Data entries
· · · · · · ·

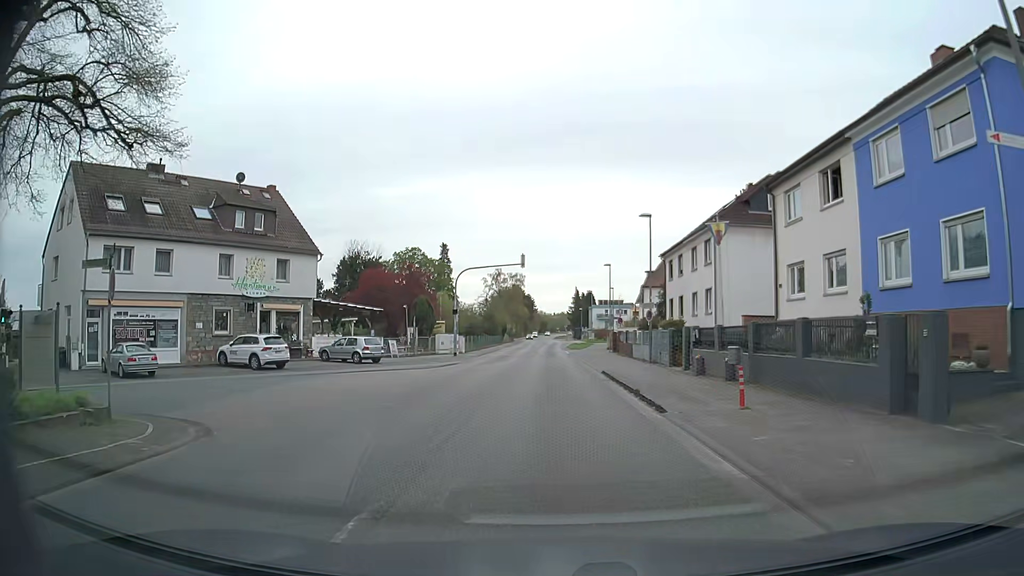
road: secondary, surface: asphalt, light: Day
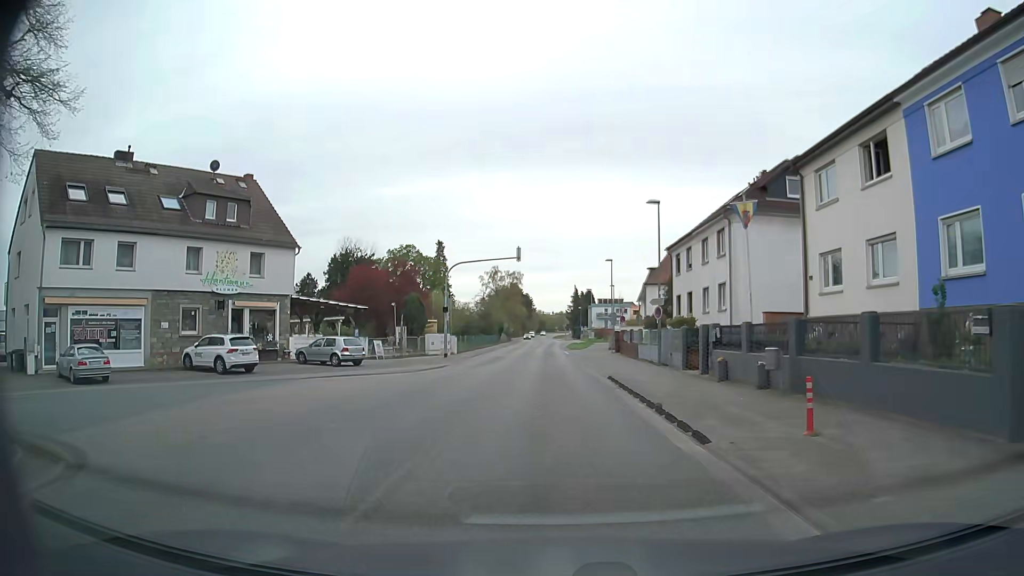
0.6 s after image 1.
(0.0, +3.5) m; 0°
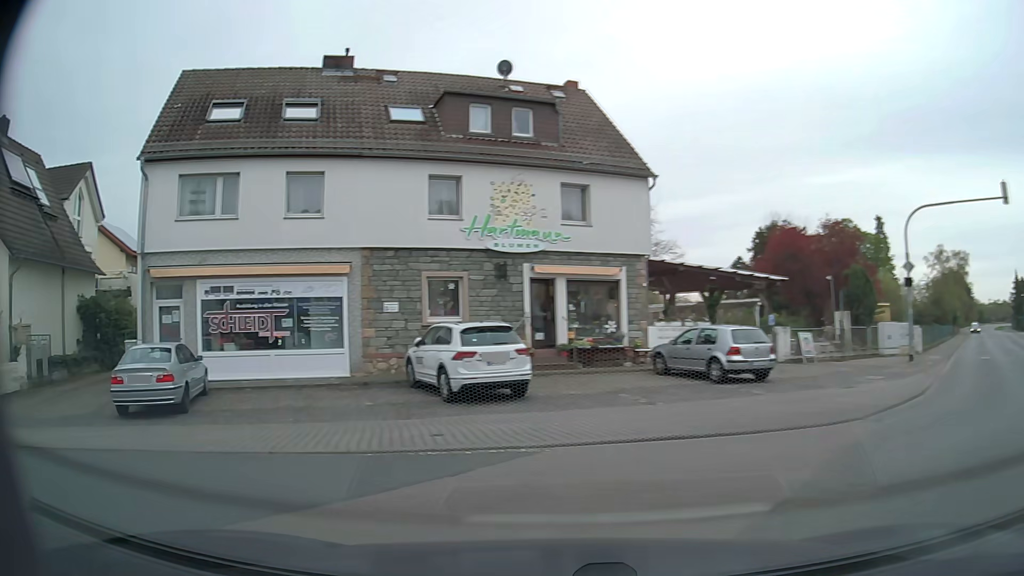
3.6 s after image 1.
(-2.3, +16.1) m; -35°
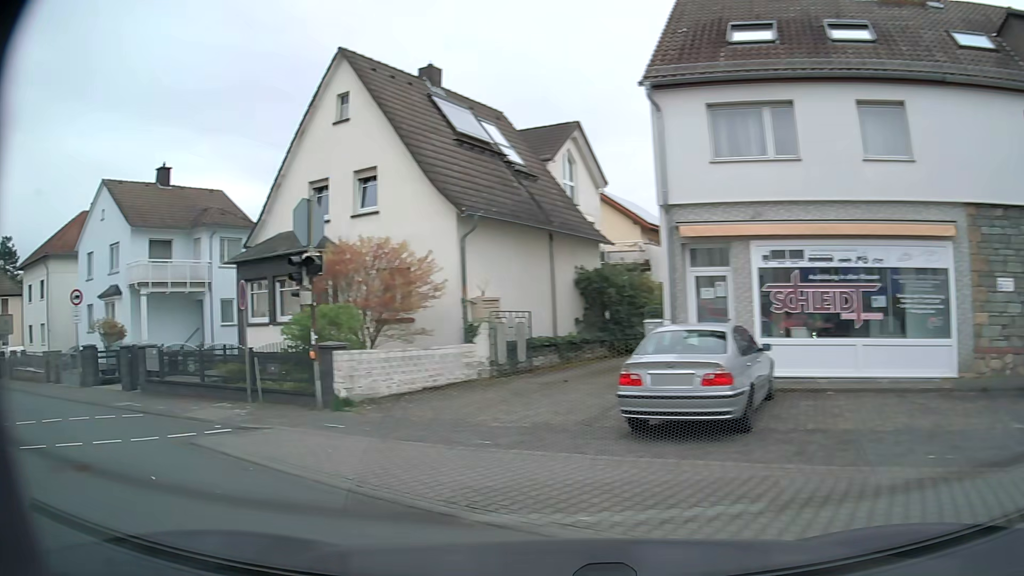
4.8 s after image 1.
(-2.0, +4.7) m; -45°
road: residential
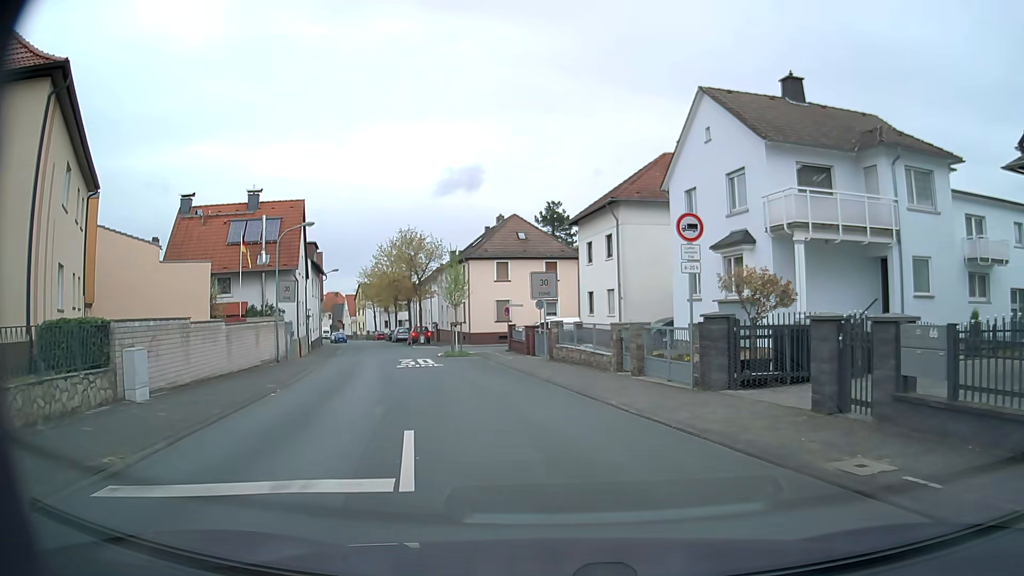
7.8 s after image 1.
(-7.6, +8.9) m; -54°
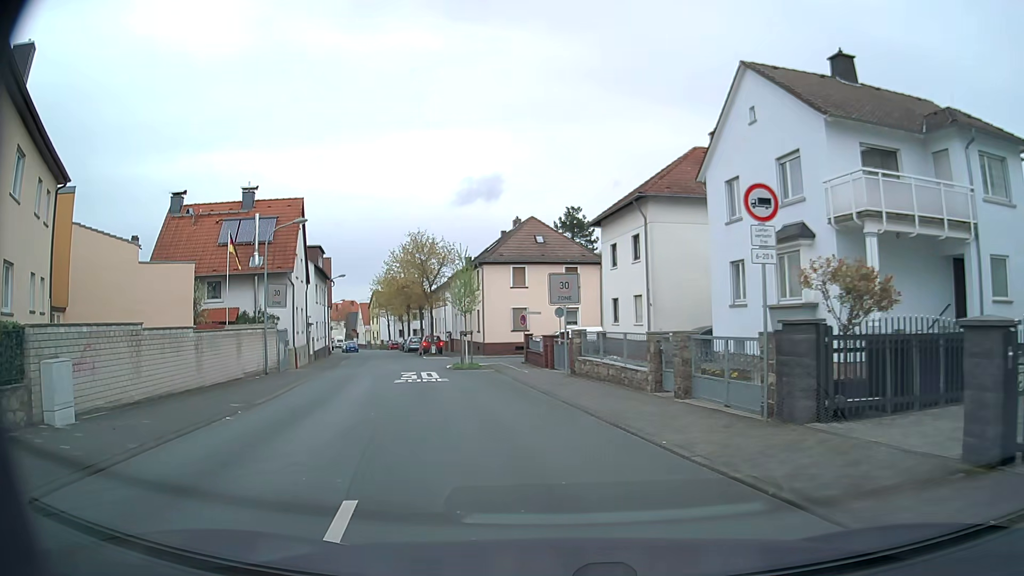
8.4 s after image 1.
(0.0, +3.7) m; -1°
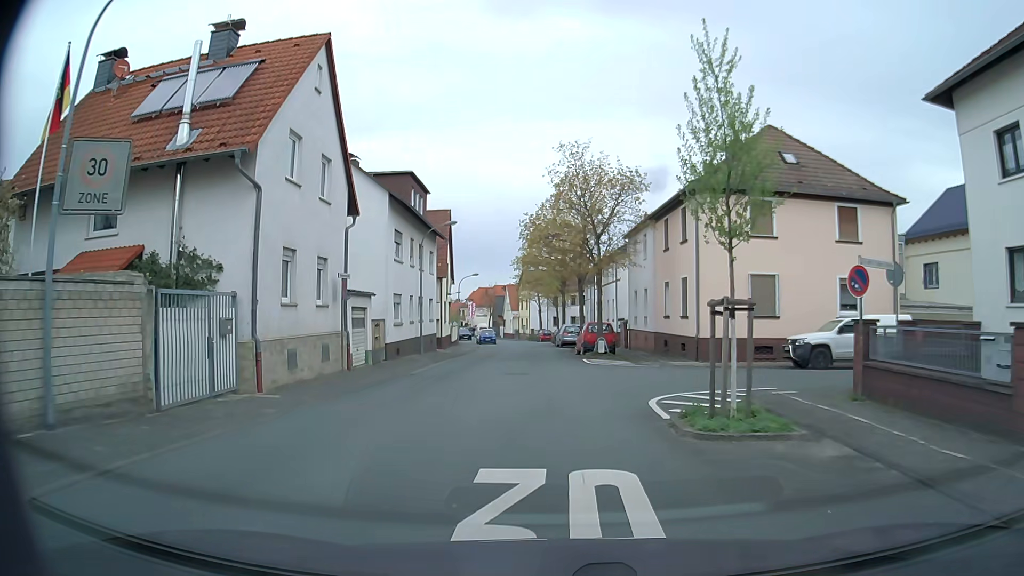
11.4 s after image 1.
(-3.8, +21.8) m; -14°
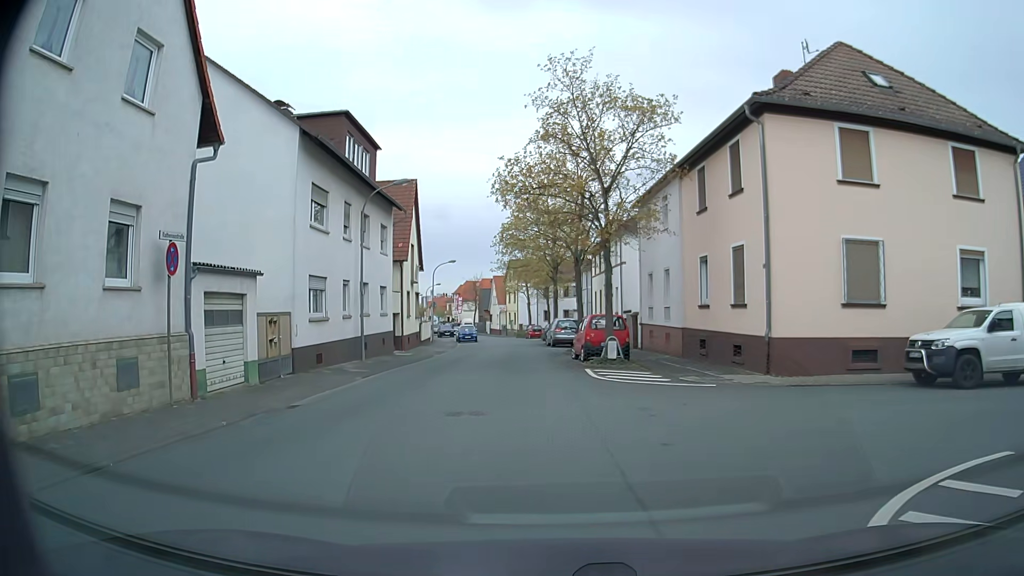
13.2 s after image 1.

· · · · · · ·

> _Exercise requirements_: Could you copy every record exactly, without the pictures?

> _Solution below_:
road: secondary, surface: asphalt, light: Day
0.6 s after image 1.
(0.0, +3.5) m; 0°
3.6 s after image 1.
(-2.3, +16.1) m; -35°
4.8 s after image 1.
(-2.0, +4.7) m; -45°
road: residential
7.8 s after image 1.
(-7.6, +8.9) m; -54°
8.4 s after image 1.
(0.0, +3.7) m; -1°
11.4 s after image 1.
(-3.8, +21.8) m; -14°
13.2 s after image 1.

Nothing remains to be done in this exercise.